I have a discrepancy between STAR and other software I cannot reconcile. I'm working on RNA-seq data from B. subtilis. The sequencing facility is adamant they used stranded libraries. And indeed, when I run infer_experiment.py on the BAM file I get:
This is PairEnd Data
Fraction of reads failed to determine: 0.0000
Fraction of reads explained by "1++,1--,2+-,2-+": 0.0744
Fraction of reads explained by "1+-,1-+,2++,2--": 0.9256
This strongly indicates a strand-specific data set. I have also run featureCounts with -s 1 and -s 2 options. The first one returned about 4.8 M total counts, while the second returned about 76 M total counts, as expected.
The problem occurs when I use STAR for quantification. Considering the above results, I'd expect many more reads in column 4 of the ReadsPerGene.out.tab file than in column 3. However, I get the following total counts in genes, in each column:
col2 col3 col4
38879280 19555164 19324116
This is unexpected. The STAR quantification suggests unstranded data, while both infer_experiment.py and featureCounts indicate a stranded set.
Here are the options I used to create the index:
--sjdbGTFfeatureExon gene
--genomeSAindexNbases 10
and for mapping:
--sjdbGTFfeatureExon gene
--outFilterType BySJout
--outSAMtype BAM SortedByCoordinate
--outFilterMultimapNmax 2
--alignIntronMax 1
--limitBAMsortRAM 3000000000
--readFilesCommand zcat
--quantMode GeneCounts
The --alignIntronMax 1 option prohibits splicing - we have a bacterium here. The --sjdbGTFfeatureExon gene option is included both in the index build and mapping, because the GFT file does not have exons and gene is the main feature.
EDIT
I used htseq-count on the BAM files created by STAR. According to the STAR documentation they should give exactly the same counts. Here is comparison of the htseq-count with -s reverse -t gene options versus column 4 in the ReadsPerGene.out.tab file. The red line shows x = y.
To extend this comparison further I also ran featureCount with -s 2 -t gene options, here it is how it compares to htseq-count result:
While htseq and featureCounts agree very well, STAR is an outlier.
Are the genes in the GTF stranded ?
Discussion in https://groups.google.com/g/rna-star/c/O6gUuDi9_os may also be relevant since this is bacterial RNAseq. Do not include the annotation file when generating index per author of STAR.
Hm, that might be a good point.
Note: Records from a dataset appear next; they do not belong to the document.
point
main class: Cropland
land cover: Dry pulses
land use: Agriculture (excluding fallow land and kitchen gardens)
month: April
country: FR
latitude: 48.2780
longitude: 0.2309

However, I can't see how this would affect the distribution of counts between 3rd and 4th column in quantification.
Given the wildly good correlation I have a feeling it has to do with your forward and reverse reads being counted towards each strand separately. It is probably related to the STAR parameters but I’m not an expert on non-vertebrates. Did you try matching up the counts manually in IGV looking at the BAM for a smaller gene/region
Oh, I wouldn't know what to look for in IGV. The issue is with quantification, and looking at a BAM file in IGV does not tell me how a given read was counted by STAR or htseq-count. I think the issue must be with STAR and/or its parameters. The STAR manual states "The counts coincide with those produced by htseq-count with default parameters" and then specifically "column 4: counts for the 2nd read strand aligned with RNA (htseq-count option -s reverse)". But my results disagree a lot.
Since the program author has recommended it, can you try indexing without the GTF and then counting again. You don't have polycistronic transctipts, correct? If you see reads crossing over more than one gene in IGV that may be case.
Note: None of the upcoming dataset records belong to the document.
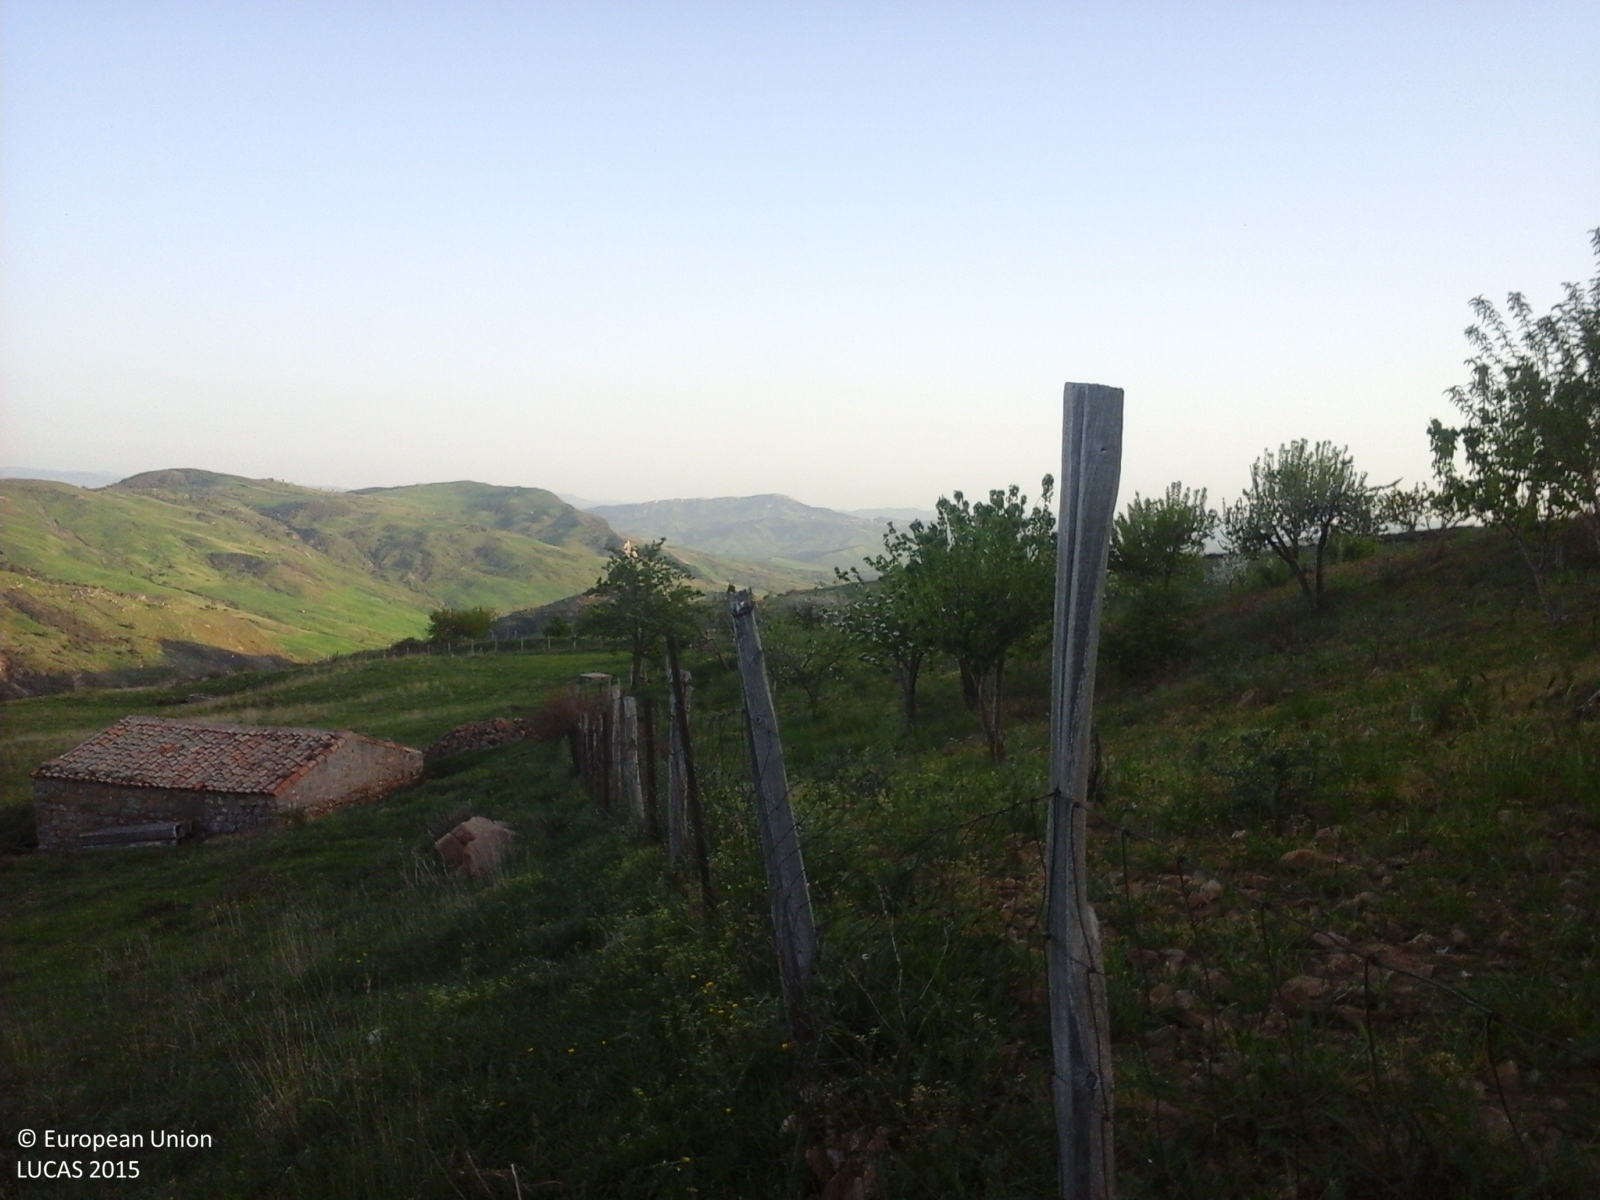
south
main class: Cropland
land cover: Pear fruit
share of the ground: 25 - 50 %
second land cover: Spontaneously vegetated surfaces
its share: > 75 %
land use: Agriculture (excluding fallow land and kitchen gardens)
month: May
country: IT
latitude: 37.8210
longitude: 14.1398

I tried STAR counting with an index created without GTF. The results are identical to those based on index created with GTF. Every single count is the same.
Looks like you have already opened an issue on STAR repo: https://github.com/alexdobin/STAR/issues/2650
That was going to be the next suggestion.
Since STAR is mainly designed to be splice-aware perhaps some interaction of parameters is causing this.
Yes, GTF file contains a strand column and it is either "+" or "-", in about 50-50 ratio.
As long as the genes don’t overlap one another then it should be fine.